Sunday, March 31, 2013

What should an email client cost?

(Clearing out the backlog of old drafts...)

This was pretty spot-on. $15 for a really well-written piece of complex client software is not even close to the right price level. People who want a high-quality email client that is not subsidized by any other revenue stream should be thinking along the lines of Photoshop, Maya, or Ableton Live. Yes, I'm serious. With the rise of webmail, native email clients have become a niche software category for expert users, and that is what feature-rich, niche software written for expert users costs, because the development costs cannot be amortized over a hundred million users who upgrade every couple of years.

In the not-too-distant future, you should expect to pay $500 or more for a really high-quality piece of client-side email software. Or else you should expect high-quality client-side email software to go away (with the exception of Thunderbird, which is being maintained by Mozilla for basically philanthropic reasons; we'll see how long that lasts).

Edit: I should add that various Free or semi-Free Software email clients are not really an exception. Their development is funded by a completely different model which permits sustainable, lower-cost, but also slower development. The lower development throughput of freeware email clients manifests itself in two different ways.
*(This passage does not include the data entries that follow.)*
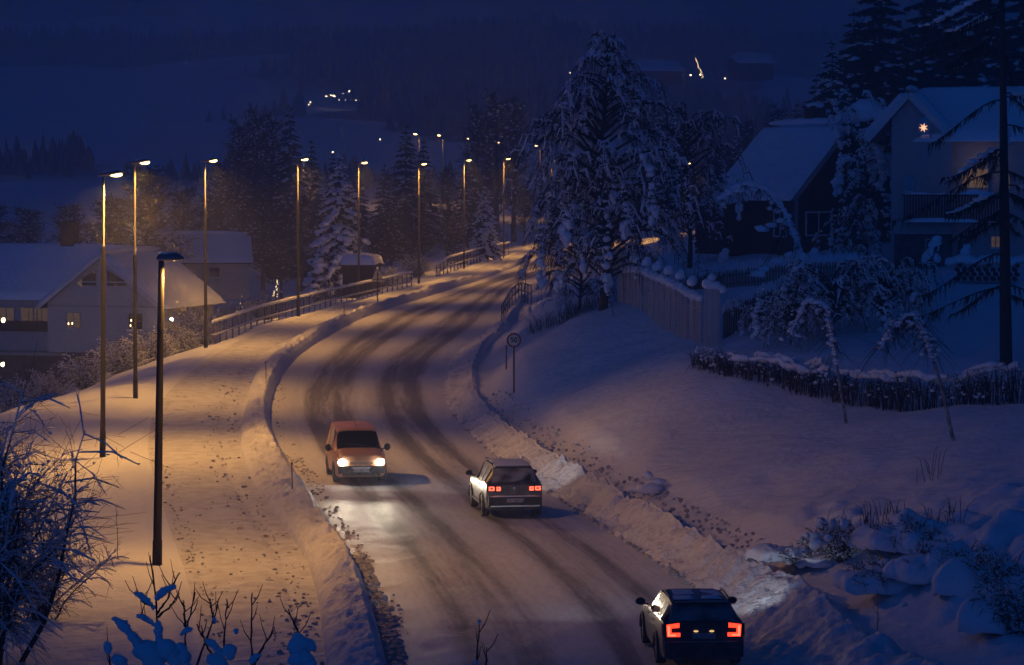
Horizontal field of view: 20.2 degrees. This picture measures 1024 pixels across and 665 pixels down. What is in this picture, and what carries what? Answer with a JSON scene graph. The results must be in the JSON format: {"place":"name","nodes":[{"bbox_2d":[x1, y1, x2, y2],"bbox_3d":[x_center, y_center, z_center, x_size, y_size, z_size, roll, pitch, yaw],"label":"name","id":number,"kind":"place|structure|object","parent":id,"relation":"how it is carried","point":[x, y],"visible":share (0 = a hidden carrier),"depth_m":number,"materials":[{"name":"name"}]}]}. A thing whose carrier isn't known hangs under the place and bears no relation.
{"place":"outdoors","nodes":[
{"label":"outdoors","id":0,"kind":"place"},
{"bbox_2d":[0,226,573,664],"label":"ground","id":1,"kind":"structure","parent":0,"point":[86,632],"depth_m":100.44,"materials":[{"name":"white snow"}]},
{"bbox_2d":[0,373,50,412],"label":"shrub","id":2,"kind":"object","parent":1,"relation":"on","point":[10,398],"visible":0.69,"depth_m":151.92,"materials":[{"name":"white plant"}]},
{"bbox_2d":[1,204,56,242],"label":"bare tree","id":3,"kind":"object","parent":1,"relation":"on","point":[30,228],"visible":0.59,"depth_m":299.40,"materials":[{"name":"brown plant"}]},
{"bbox_2d":[0,438,72,540],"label":"shrub","id":4,"kind":"object","parent":1,"relation":"on","point":[58,465],"visible":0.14,"depth_m":84.82,"materials":[{"name":"brown plant"}]},
{"bbox_2d":[13,367,79,400],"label":"shrub","id":5,"kind":"object","parent":1,"relation":"on","point":[40,385],"visible":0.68,"depth_m":157.96,"materials":[{"name":"brown plant"}]},
{"bbox_2d":[1,512,128,623],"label":"shrub","id":6,"kind":"object","parent":1,"relation":"on","point":[56,601],"visible":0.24,"depth_m":68.67,"materials":[{"name":"brown plant"}]},
{"bbox_2d":[48,202,98,243],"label":"bare tree","id":7,"kind":"object","parent":1,"relation":"on","point":[70,212],"visible":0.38,"depth_m":289.65,"materials":[{"name":"brown plant"}]},
{"bbox_2d":[0,340,173,664],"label":"shrub","id":8,"kind":"object","parent":1,"relation":"on","point":[13,593],"visible":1,"depth_m":62.18,"materials":[{"name":"brown plant"}]},
{"bbox_2d":[50,348,125,389],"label":"shrub","id":9,"kind":"object","parent":1,"relation":"on","point":[87,376],"visible":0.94,"depth_m":159.92,"materials":[{"name":"brown plant"}]},
{"bbox_2d":[79,192,137,244],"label":"bare tree","id":10,"kind":"object","parent":1,"relation":"on","point":[110,227],"visible":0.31,"depth_m":269.13,"materials":[{"name":"brown plant"}]},
{"bbox_2d":[98,170,122,456],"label":"street lamp","id":11,"kind":"object","parent":1,"relation":"on","point":[115,173],"visible":0.96,"depth_m":108.37,"materials":[{"name":"metal"}]},
{"bbox_2d":[0,220,224,391],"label":"house","id":12,"kind":"structure","parent":1,"relation":"on","point":[30,315],"depth_m":194.38,"materials":[{"name":"painted wood"},{"name":"snow"},{"name":"glass"}]},
{"bbox_2d":[83,335,154,375],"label":"shrub","id":13,"kind":"object","parent":1,"relation":"on","point":[119,364],"visible":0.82,"depth_m":164.84,"materials":[{"name":"white plant"}]},
{"bbox_2d":[130,159,149,398],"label":"street lamp","id":14,"kind":"object","parent":1,"relation":"on","point":[135,380],"visible":0.97,"depth_m":131.54,"materials":[{"name":"metal"}]},
{"bbox_2d":[85,158,198,273],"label":"bare tree","id":15,"kind":"object","parent":1,"relation":"on","point":[156,207],"visible":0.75,"depth_m":261.04,"materials":[{"name":"brown plant"}]},
{"bbox_2d":[111,552,181,664],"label":"sapling","id":16,"kind":"object","parent":1,"relation":"on","point":[160,650],"visible":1,"depth_m":27.13,"materials":[{"name":"white"}]},
{"bbox_2d":[114,325,195,363],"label":"shrub","id":17,"kind":"object","parent":1,"relation":"on","point":[152,350],"visible":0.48,"depth_m":167.72,"materials":[{"name":"white plant"}]},
{"bbox_2d":[152,252,183,565],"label":"street lamp","id":18,"kind":"object","parent":1,"relation":"on","point":[157,519],"visible":0.95,"depth_m":77.39,"materials":[{"name":"metal"}]},
{"bbox_2d":[143,324,211,354],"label":"shrub","id":19,"kind":"object","parent":1,"relation":"on","point":[187,345],"visible":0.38,"depth_m":171.77,"materials":[{"name":"white plant"}]},
{"bbox_2d":[157,184,214,230],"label":"bare tree","id":20,"kind":"object","parent":1,"relation":"on","point":[188,216],"visible":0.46,"depth_m":284.36,"materials":[{"name":"brown plant"}]},
{"bbox_2d":[164,302,227,346],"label":"shrub","id":21,"kind":"object","parent":1,"relation":"on","point":[197,328],"visible":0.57,"depth_m":177.67,"materials":[{"name":"brown plant"}]},
{"bbox_2d":[141,230,252,298],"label":"house","id":22,"kind":"structure","parent":1,"relation":"on","point":[234,264],"depth_m":266.69,"materials":[{"name":"white"}]},
{"bbox_2d":[171,583,238,664],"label":"sapling","id":23,"kind":"object","parent":1,"relation":"on","point":[228,651],"visible":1,"depth_m":27.16,"materials":[{"name":"brown"}]},
{"bbox_2d":[201,158,216,347],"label":"street lamp","id":24,"kind":"object","parent":1,"relation":"on","point":[205,266],"visible":0.95,"depth_m":162.94,"materials":[{"name":"metal"}]},
{"bbox_2d":[191,192,238,230],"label":"bare tree","id":25,"kind":"object","parent":1,"relation":"on","point":[212,211],"visible":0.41,"depth_m":299.47,"materials":[{"name":"brown plant"}]},
{"bbox_2d":[200,158,239,230],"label":"bare tree","id":26,"kind":"object","parent":1,"relation":"on","point":[221,176],"visible":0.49,"depth_m":319.40,"materials":[{"name":"brown plant"}]},
{"bbox_2d":[208,112,271,231],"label":"bare tree","id":27,"kind":"object","parent":1,"relation":"on","point":[239,130],"visible":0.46,"depth_m":339.08,"materials":[{"name":"brown plant"}]},
{"bbox_2d":[213,180,273,250],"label":"bare tree","id":28,"kind":"object","parent":1,"relation":"on","point":[243,206],"visible":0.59,"depth_m":309.25,"materials":[{"name":"brown plant"}]},
{"bbox_2d":[222,103,287,267],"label":"bare tree","id":29,"kind":"object","parent":1,"relation":"on","point":[256,128],"visible":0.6,"depth_m":334.09,"materials":[{"name":"brown plant"}]},
{"bbox_2d":[234,289,288,320],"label":"shrub","id":30,"kind":"object","parent":1,"relation":"on","point":[267,308],"visible":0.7,"depth_m":212.12,"materials":[{"name":"brown plant"}]},
{"bbox_2d":[226,185,311,294],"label":"bare tree","id":31,"kind":"object","parent":1,"relation":"on","point":[259,214],"visible":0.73,"depth_m":289.49,"materials":[{"name":"brown plant"}]},
{"bbox_2d":[258,106,293,224],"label":"bare tree","id":32,"kind":"object","parent":1,"relation":"on","point":[274,155],"visible":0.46,"depth_m":344.04,"materials":[{"name":"brown plant"}]},
{"bbox_2d":[253,205,314,303],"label":"bare tree","id":33,"kind":"object","parent":1,"relation":"on","point":[280,237],"visible":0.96,"depth_m":269.68,"materials":[{"name":"brown plant"}]},
{"bbox_2d":[259,106,317,260],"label":"spruce tree","id":34,"kind":"object","parent":1,"relation":"on","point":[287,181],"visible":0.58,"depth_m":329.01,"materials":[{"name":"green plant"}]},
{"bbox_2d":[262,192,320,290],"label":"bare tree","id":35,"kind":"object","parent":1,"relation":"on","point":[304,218],"visible":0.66,"depth_m":284.58,"materials":[{"name":"brown plant"}]},
{"bbox_2d":[280,599,316,664],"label":"sapling","id":36,"kind":"object","parent":1,"relation":"on","point":[300,647],"visible":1,"depth_m":27.12,"materials":[{"name":"white"}]},
{"bbox_2d":[211,271,412,343],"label":"railing","id":37,"kind":"object","parent":1,"relation":"on","point":[250,310],"visible":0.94,"depth_m":192.89,"materials":[{"name":"metal"}]},
{"bbox_2d":[302,139,326,243],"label":"spruce tree","id":38,"kind":"object","parent":1,"relation":"on","point":[313,179],"visible":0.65,"depth_m":344.16,"materials":[{"name":"green plant"}]},
{"bbox_2d":[302,153,370,301],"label":"spruce tree","id":39,"kind":"object","parent":1,"relation":"on","point":[326,273],"visible":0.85,"depth_m":262.99,"materials":[{"name":"white plant"}]},
{"bbox_2d":[348,169,371,246],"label":"spruce tree","id":40,"kind":"object","parent":1,"relation":"on","point":[364,219],"visible":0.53,"depth_m":359.24,"materials":[{"name":"green plant"}]},
{"bbox_2d":[339,253,383,298],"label":"shed","id":41,"kind":"structure","parent":1,"relation":"on","point":[367,268],"depth_m":244.80,"materials":[{"name":"brown"}]},
{"bbox_2d":[148,227,597,664],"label":"footpath","id":42,"kind":"structure","parent":1,"relation":"on","point":[186,433],"depth_m":90.18,"materials":[{"name":"white snow"}]},
{"bbox_2d":[354,216,403,267],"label":"bare tree","id":43,"kind":"object","parent":1,"relation":"on","point":[375,240],"visible":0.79,"depth_m":274.76,"materials":[{"name":"brown plant"}]},
{"bbox_2d":[361,163,403,262],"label":"spruce tree","id":44,"kind":"object","parent":1,"relation":"on","point":[386,195],"visible":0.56,"depth_m":329.46,"materials":[{"name":"green plant"}]},
{"bbox_2d":[360,201,411,267],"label":"bare tree","id":45,"kind":"object","parent":1,"relation":"on","point":[394,218],"visible":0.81,"depth_m":289.53,"materials":[{"name":"brown plant"}]},
{"bbox_2d":[386,125,437,251],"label":"spruce tree","id":46,"kind":"object","parent":1,"relation":"on","point":[407,219],"visible":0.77,"depth_m":344.02,"materials":[{"name":"green plant"}]},
{"bbox_2d":[397,211,442,258],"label":"bare tree","id":47,"kind":"object","parent":1,"relation":"on","point":[424,235],"visible":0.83,"depth_m":299.61,"materials":[{"name":"brown plant"}]},
{"bbox_2d":[408,141,444,243],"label":"spruce tree","id":48,"kind":"object","parent":1,"relation":"on","point":[426,185],"visible":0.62,"depth_m":349.11,"materials":[{"name":"green plant"}]},
{"bbox_2d":[424,208,471,262],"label":"bare tree","id":49,"kind":"object","parent":1,"relation":"on","point":[448,230],"visible":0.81,"depth_m":309.61,"materials":[{"name":"plant"}]},
{"bbox_2d":[428,164,475,256],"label":"bare tree","id":50,"kind":"object","parent":1,"relation":"on","point":[447,191],"visible":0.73,"depth_m":334.39,"materials":[{"name":"plant"}]},
{"bbox_2d":[451,167,483,247],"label":"spruce tree","id":51,"kind":"object","parent":1,"relation":"on","point":[470,212],"visible":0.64,"depth_m":349.21,"materials":[{"name":"green plant"}]},
{"bbox_2d":[444,98,510,214],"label":"bare tree","id":52,"kind":"object","parent":1,"relation":"on","point":[475,126],"visible":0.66,"depth_m":364.00,"materials":[{"name":"plant"}]},
{"bbox_2d":[462,186,503,263],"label":"spruce tree","id":53,"kind":"object","parent":1,"relation":"on","point":[487,236],"visible":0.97,"depth_m":299.25,"materials":[{"name":"white plant"}]},
{"bbox_2d":[456,86,528,243],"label":"bare tree","id":54,"kind":"object","parent":1,"relation":"on","point":[497,135],"visible":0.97,"depth_m":358.95,"materials":[{"name":"brown plant"}]},
{"bbox_2d":[481,90,536,241],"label":"bare tree","id":55,"kind":"object","parent":1,"relation":"on","point":[512,141],"visible":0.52,"depth_m":366.94,"materials":[{"name":"plant"}]},
{"bbox_2d":[500,189,541,245],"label":"tree","id":56,"kind":"object","parent":1,"relation":"on","point":[525,205],"visible":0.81,"depth_m":344.53,"materials":[{"name":"plant"}]},
{"bbox_2d":[0,0,1023,226],"bbox_3d":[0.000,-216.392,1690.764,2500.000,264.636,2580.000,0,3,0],"label":"hillside","id":57,"kind":"structure","parent":0,"point":[154,110],"depth_m":1211.88,"materials":[{"name":"white snow"}]},
{"bbox_2d":[0,0,1021,210],"bbox_3d":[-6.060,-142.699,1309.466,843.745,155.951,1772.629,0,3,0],"label":"forest","id":58,"kind":"object","parent":57,"relation":"on","point":[422,105],"visible":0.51,"depth_m":1254.69,"materials":[{"name":"green plant"}]},
{"bbox_2d":[618,60,686,84],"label":"house","id":59,"kind":"structure","parent":57,"relation":"on","point":[666,72],"depth_m":811.96,"materials":[{"name":"white"}]},
{"bbox_2d":[724,53,776,80],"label":"house","id":60,"kind":"structure","parent":57,"relation":"on","point":[750,66],"depth_m":851.52,"materials":[{"name":"white"}]},
{"bbox_2d":[270,243,760,664],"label":"road","id":61,"kind":"structure","parent":0,"point":[556,582],"depth_m":87.55,"materials":[{"name":"grey asphalt"}]},
{"bbox_2d":[325,421,389,481],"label":"van","id":62,"kind":"object","parent":61,"relation":"on","point":[353,440],"visible":0.99,"depth_m":100.06,"materials":[{"name":"orange paint"}]},
{"bbox_2d":[241,236,593,664],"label":"snow bank","id":63,"kind":"structure","parent":61,"relation":"on","point":[351,634],"depth_m":89.02,"materials":[{"name":"white snow"}]},
{"bbox_2d":[150,288,763,664],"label":"snow clods","id":64,"kind":"object","parent":61,"relation":"on","point":[394,652],"visible":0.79,"depth_m":78.58,"materials":[{"name":"white snow"}]},
{"bbox_2d":[466,456,541,515],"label":"car","id":65,"kind":"object","parent":61,"relation":"on","point":[505,484],"visible":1,"depth_m":89.11,"materials":[{"name":"grey paint"}]},
{"bbox_2d":[635,588,744,662],"bbox_3d":[3.958,6.307,63.921,2.300,1.642,4.745,0,3,-4],"label":"car","id":66,"kind":"object","parent":61,"relation":"on","point":[692,624],"visible":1,"depth_m":61.80,"materials":[{"name":"paint"}]},
{"bbox_2d":[442,228,943,664],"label":"snow bank","id":67,"kind":"structure","parent":0,"point":[786,618],"depth_m":77.68,"materials":[{"name":"white snow"}]},
{"bbox_2d":[524,292,972,558],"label":"dry grass","id":68,"kind":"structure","parent":0,"point":[575,309],"depth_m":145.68,"materials":[{"name":"brown plant"}]},
{"bbox_2d":[477,226,1023,664],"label":"ground","id":69,"kind":"structure","parent":0,"point":[624,392],"depth_m":96.68,"materials":[{"name":"white snow"}]},
{"bbox_2d":[514,196,648,311],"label":"birch tree","id":70,"kind":"object","parent":69,"relation":"on","point":[543,280],"visible":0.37,"depth_m":149.41,"materials":[{"name":"white plant"}]},
{"bbox_2d":[501,29,714,314],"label":"spruce tree","id":71,"kind":"object","parent":69,"relation":"on","point":[576,112],"visible":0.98,"depth_m":128.55,"materials":[{"name":"white plant"}]},
{"bbox_2d":[628,471,666,494],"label":"snow lump","id":72,"kind":"object","parent":69,"relation":"on","point":[653,485],"visible":0.98,"depth_m":90.08,"materials":[{"name":"white snow"}]},
{"bbox_2d":[616,250,703,342],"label":"board fence","id":73,"kind":"object","parent":69,"relation":"on","point":[669,289],"visible":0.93,"depth_m":121.15,"materials":[{"name":"white wood"}]},
{"bbox_2d":[637,102,752,267],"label":"birch tree","id":74,"kind":"object","parent":69,"relation":"on","point":[708,142],"visible":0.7,"depth_m":145.44,"materials":[{"name":"white plant"}]},
{"bbox_2d":[702,274,726,350],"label":"gate post","id":75,"kind":"object","parent":69,"relation":"on","point":[713,290],"visible":0.97,"depth_m":110.97,"materials":[{"name":"white wood"}]},
{"bbox_2d":[729,299,783,336],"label":"shrub","id":76,"kind":"object","parent":69,"relation":"on","point":[743,321],"visible":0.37,"depth_m":110.95,"materials":[{"name":"white plant"}]},
{"bbox_2d":[683,339,833,399],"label":"hedge","id":77,"kind":"object","parent":69,"relation":"on","point":[787,363],"visible":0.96,"depth_m":103.33,"materials":[{"name":"brown"}]},
{"bbox_2d":[722,274,796,338],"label":"picket fence","id":78,"kind":"object","parent":69,"relation":"on","point":[730,323],"visible":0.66,"depth_m":113.05,"materials":[{"name":"white"}]},
{"bbox_2d":[708,180,815,280],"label":"birch tree","id":79,"kind":"object","parent":69,"relation":"on","point":[770,196],"visible":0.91,"depth_m":127.82,"materials":[{"name":"white plant"}]},
{"bbox_2d":[681,250,856,289],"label":"picket fence","id":80,"kind":"object","parent":69,"relation":"on","point":[736,277],"visible":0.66,"depth_m":141.04,"materials":[{"name":"white"}]},
{"bbox_2d":[745,542,835,568],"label":"snow-covered rock","id":81,"kind":"object","parent":69,"relation":"on","point":[798,556],"visible":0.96,"depth_m":72.75,"materials":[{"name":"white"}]},
{"bbox_2d":[691,102,890,255],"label":"house","id":82,"kind":"structure","parent":69,"relation":"on","point":[791,163],"depth_m":160.31,"materials":[{"name":"white"}]},
{"bbox_2d":[805,211,832,235],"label":"window","id":83,"kind":"structure","parent":82,"relation":"in","point":[814,220],"depth_m":158.87,"materials":[{"name":"black glass"}]},
{"bbox_2d":[747,283,834,350],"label":"shrub","id":84,"kind":"object","parent":69,"relation":"on","point":[771,309],"visible":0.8,"depth_m":107.77,"materials":[{"name":"white plant"}]},
{"bbox_2d":[765,297,852,423],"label":"birch tree","id":85,"kind":"object","parent":69,"relation":"on","point":[818,306],"visible":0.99,"depth_m":94.06,"materials":[{"name":"white plant"}]},
{"bbox_2d":[795,516,863,563],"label":"shrub","id":86,"kind":"object","parent":69,"relation":"on","point":[841,547],"visible":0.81,"depth_m":71.67,"materials":[{"name":"white plant"}]},
{"bbox_2d":[813,39,854,126],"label":"spruce tree","id":87,"kind":"object","parent":69,"relation":"on","point":[831,93],"visible":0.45,"depth_m":189.16,"materials":[{"name":"green plant"}]},
{"bbox_2d":[776,255,907,332],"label":"shrub","id":88,"kind":"object","parent":69,"relation":"on","point":[836,291],"visible":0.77,"depth_m":108.48,"materials":[{"name":"white plant"}]},
{"bbox_2d":[810,199,892,262],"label":"shrub","id":89,"kind":"object","parent":69,"relation":"on","point":[869,233],"visible":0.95,"depth_m":151.78,"materials":[{"name":"white plant"}]},
{"bbox_2d":[820,9,883,110],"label":"spruce tree","id":90,"kind":"object","parent":69,"relation":"on","point":[856,40],"visible":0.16,"depth_m":220.82,"materials":[{"name":"green plant"}]},
{"bbox_2d":[825,90,891,254],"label":"tree","id":91,"kind":"object","parent":69,"relation":"on","point":[862,111],"visible":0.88,"depth_m":154.19,"materials":[{"name":"white plant"}]},
{"bbox_2d":[832,551,910,595],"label":"shrub","id":92,"kind":"object","parent":69,"relation":"on","point":[867,579],"visible":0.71,"depth_m":66.89,"materials":[{"name":"white plant"}]},
{"bbox_2d":[837,0,922,153],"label":"spruce tree","id":93,"kind":"object","parent":69,"relation":"on","point":[876,57],"visible":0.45,"depth_m":194.51,"materials":[{"name":"green plant"}]},
{"bbox_2d":[835,257,944,331],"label":"shrub","id":94,"kind":"object","parent":69,"relation":"on","point":[910,286],"visible":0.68,"depth_m":109.32,"materials":[{"name":"white plant"}]},
{"bbox_2d":[850,508,947,554],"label":"shrub","id":95,"kind":"object","parent":69,"relation":"on","point":[895,534],"visible":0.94,"depth_m":70.21,"materials":[{"name":"plant"}]},
{"bbox_2d":[856,311,955,440],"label":"birch tree","id":96,"kind":"object","parent":69,"relation":"on","point":[911,318],"visible":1,"depth_m":85.33,"materials":[{"name":"white plant"}]},
{"bbox_2d":[824,355,1023,411],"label":"hedge","id":97,"kind":"object","parent":69,"relation":"on","point":[891,376],"visible":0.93,"depth_m":95.33,"materials":[{"name":"brown"}]},
{"bbox_2d":[885,0,967,90],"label":"spruce tree","id":98,"kind":"object","parent":69,"relation":"on","point":[924,16],"visible":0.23,"depth_m":203.10,"materials":[{"name":"green plant"}]},
{"bbox_2d":[882,537,988,584],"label":"shrub","id":99,"kind":"object","parent":69,"relation":"on","point":[920,564],"visible":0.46,"depth_m":66.30,"materials":[{"name":"plant"}]},
{"bbox_2d":[864,85,1023,268],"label":"house","id":100,"kind":"structure","parent":69,"relation":"on","point":[916,174],"depth_m":147.67,"materials":[{"name":"stone"}]},
{"bbox_2d":[887,0,1023,365],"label":"spruce tree","id":101,"kind":"object","parent":69,"relation":"on","point":[1003,223],"visible":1,"depth_m":100.81,"materials":[{"name":"green plant"}]},
{"bbox_2d":[923,0,1017,87],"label":"spruce tree","id":102,"kind":"object","parent":69,"relation":"on","point":[978,75],"visible":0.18,"depth_m":198.21,"materials":[{"name":"green plant"}]},
{"bbox_2d":[932,540,1023,596],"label":"shrub","id":103,"kind":"object","parent":69,"relation":"on","point":[962,576],"visible":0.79,"depth_m":64.24,"materials":[{"name":"white plant"}]},
{"bbox_2d":[944,253,1023,280],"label":"woodpile","id":104,"kind":"object","parent":69,"relation":"on","point":[960,260],"visible":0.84,"depth_m":121.67,"materials":[{"name":"wood"}]},
{"bbox_2d":[956,570,1023,634],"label":"shrub","id":105,"kind":"object","parent":69,"relation":"on","point":[998,610],"visible":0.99,"depth_m":60.84,"materials":[{"name":"twigs"},{"name":"leaves"},{"name":"snow"}]},
{"bbox_2d":[981,0,1023,86],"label":"spruce tree","id":106,"kind":"object","parent":69,"relation":"on","point":[1014,36],"visible":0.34,"depth_m":193.54,"materials":[{"name":"green plant"}]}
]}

Email software "for geeks" like mutt, gnus, and pine completely abandons the goal of conforming to expectations of modern UX. On the other hand, free email software like KMail and Evolution, which is allegedly targeted at non-geeks, tries to track modern UX trends but perpetually lags behind in features and polish. Note that "modern UX" is a notion that is always changing, and thus requires high development throughput to track, sometimes because the UI itself is complex (consider gmail's conversation view) and sometimes because there is also a challenging computational problem behind it (consider gmail's spam filtering).